● WHAT TO PRODUCE
In the records below, the line containing "</radialGradient>" marks the start. Copy that line and everything after it exactly, through the last line.
· · ·
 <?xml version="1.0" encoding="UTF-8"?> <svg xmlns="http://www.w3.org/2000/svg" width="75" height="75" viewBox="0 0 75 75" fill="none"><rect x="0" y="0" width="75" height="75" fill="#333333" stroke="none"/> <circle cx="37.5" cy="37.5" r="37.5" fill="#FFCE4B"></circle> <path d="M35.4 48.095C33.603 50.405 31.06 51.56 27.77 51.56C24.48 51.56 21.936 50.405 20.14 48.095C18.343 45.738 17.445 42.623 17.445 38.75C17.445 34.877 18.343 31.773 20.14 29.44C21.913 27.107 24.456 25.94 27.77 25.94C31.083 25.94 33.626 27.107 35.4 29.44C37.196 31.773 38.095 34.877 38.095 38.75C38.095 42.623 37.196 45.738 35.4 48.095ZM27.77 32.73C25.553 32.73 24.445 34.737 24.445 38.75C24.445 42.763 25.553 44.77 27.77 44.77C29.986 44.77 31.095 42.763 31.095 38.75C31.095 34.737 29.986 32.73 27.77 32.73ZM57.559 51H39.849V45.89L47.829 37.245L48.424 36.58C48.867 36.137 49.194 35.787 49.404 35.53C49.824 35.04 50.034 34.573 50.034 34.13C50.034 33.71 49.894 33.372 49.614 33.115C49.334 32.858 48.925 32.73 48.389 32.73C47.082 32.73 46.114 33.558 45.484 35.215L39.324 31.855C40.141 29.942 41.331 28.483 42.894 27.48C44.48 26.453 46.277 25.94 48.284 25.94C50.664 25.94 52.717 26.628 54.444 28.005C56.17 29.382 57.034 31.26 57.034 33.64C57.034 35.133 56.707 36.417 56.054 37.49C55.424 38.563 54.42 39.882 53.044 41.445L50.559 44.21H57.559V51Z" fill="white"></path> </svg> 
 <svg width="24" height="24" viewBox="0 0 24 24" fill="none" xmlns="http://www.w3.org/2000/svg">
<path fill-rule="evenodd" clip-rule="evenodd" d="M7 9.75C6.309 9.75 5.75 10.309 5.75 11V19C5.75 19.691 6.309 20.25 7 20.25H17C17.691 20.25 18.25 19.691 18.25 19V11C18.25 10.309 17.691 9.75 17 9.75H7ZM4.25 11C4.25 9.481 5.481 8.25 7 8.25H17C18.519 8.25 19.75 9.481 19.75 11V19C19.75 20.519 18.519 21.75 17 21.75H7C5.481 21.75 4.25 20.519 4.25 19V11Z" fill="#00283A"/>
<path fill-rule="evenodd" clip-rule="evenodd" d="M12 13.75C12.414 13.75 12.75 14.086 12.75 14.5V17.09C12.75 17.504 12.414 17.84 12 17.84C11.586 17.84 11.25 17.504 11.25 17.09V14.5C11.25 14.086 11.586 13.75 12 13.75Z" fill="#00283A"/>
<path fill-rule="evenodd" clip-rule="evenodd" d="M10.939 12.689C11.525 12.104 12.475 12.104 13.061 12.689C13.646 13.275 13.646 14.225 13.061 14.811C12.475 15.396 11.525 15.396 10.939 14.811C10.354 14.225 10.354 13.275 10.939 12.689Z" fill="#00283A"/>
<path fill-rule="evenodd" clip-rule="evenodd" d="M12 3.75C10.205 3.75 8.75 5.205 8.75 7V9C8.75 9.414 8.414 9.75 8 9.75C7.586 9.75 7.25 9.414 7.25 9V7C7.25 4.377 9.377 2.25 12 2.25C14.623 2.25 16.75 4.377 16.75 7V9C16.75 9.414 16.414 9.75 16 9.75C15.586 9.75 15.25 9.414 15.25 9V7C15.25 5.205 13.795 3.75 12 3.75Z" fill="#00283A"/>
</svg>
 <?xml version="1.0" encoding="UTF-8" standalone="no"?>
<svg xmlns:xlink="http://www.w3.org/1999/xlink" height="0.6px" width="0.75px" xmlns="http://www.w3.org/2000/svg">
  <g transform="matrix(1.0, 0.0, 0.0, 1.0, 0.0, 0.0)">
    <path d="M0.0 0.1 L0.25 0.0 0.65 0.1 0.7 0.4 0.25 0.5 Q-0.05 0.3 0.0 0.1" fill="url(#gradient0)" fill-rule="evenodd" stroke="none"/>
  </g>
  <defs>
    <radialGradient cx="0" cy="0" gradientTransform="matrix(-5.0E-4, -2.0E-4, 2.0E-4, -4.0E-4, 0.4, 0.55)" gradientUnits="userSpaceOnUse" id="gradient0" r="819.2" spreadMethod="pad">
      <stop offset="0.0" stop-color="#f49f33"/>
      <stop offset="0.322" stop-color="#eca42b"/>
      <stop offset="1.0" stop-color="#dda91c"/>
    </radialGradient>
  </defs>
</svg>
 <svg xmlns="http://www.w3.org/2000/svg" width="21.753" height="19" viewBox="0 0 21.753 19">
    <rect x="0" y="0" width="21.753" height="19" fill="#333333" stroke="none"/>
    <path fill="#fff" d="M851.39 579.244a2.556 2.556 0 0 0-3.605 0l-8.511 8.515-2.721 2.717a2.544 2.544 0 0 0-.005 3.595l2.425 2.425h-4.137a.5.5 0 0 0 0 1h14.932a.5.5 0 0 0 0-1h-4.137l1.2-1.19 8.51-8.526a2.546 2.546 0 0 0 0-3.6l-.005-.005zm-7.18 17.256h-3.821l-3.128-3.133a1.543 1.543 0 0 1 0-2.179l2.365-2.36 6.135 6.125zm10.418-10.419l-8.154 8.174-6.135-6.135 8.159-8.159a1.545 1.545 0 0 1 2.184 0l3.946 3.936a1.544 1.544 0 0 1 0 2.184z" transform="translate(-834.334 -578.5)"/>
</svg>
· · ·
● YOUR SOLUTION
    </radialGradient>
  </defs>
</svg>
 <svg xmlns="http://www.w3.org/2000/svg" width="21.753" height="19" viewBox="0 0 21.753 19">
    <rect x="0" y="0" width="21.753" height="19" fill="#333333" stroke="none"/>
    <path fill="#fff" d="M851.39 579.244a2.556 2.556 0 0 0-3.605 0l-8.511 8.515-2.721 2.717a2.544 2.544 0 0 0-.005 3.595l2.425 2.425h-4.137a.5.5 0 0 0 0 1h14.932a.5.5 0 0 0 0-1h-4.137l1.2-1.19 8.51-8.526a2.546 2.546 0 0 0 0-3.6l-.005-.005zm-7.18 17.256h-3.821l-3.128-3.133a1.543 1.543 0 0 1 0-2.179l2.365-2.36 6.135 6.125zm10.418-10.419l-8.154 8.174-6.135-6.135 8.159-8.159a1.545 1.545 0 0 1 2.184 0l3.946 3.936a1.544 1.544 0 0 1 0 2.184z" transform="translate(-834.334 -578.5)"/>
</svg>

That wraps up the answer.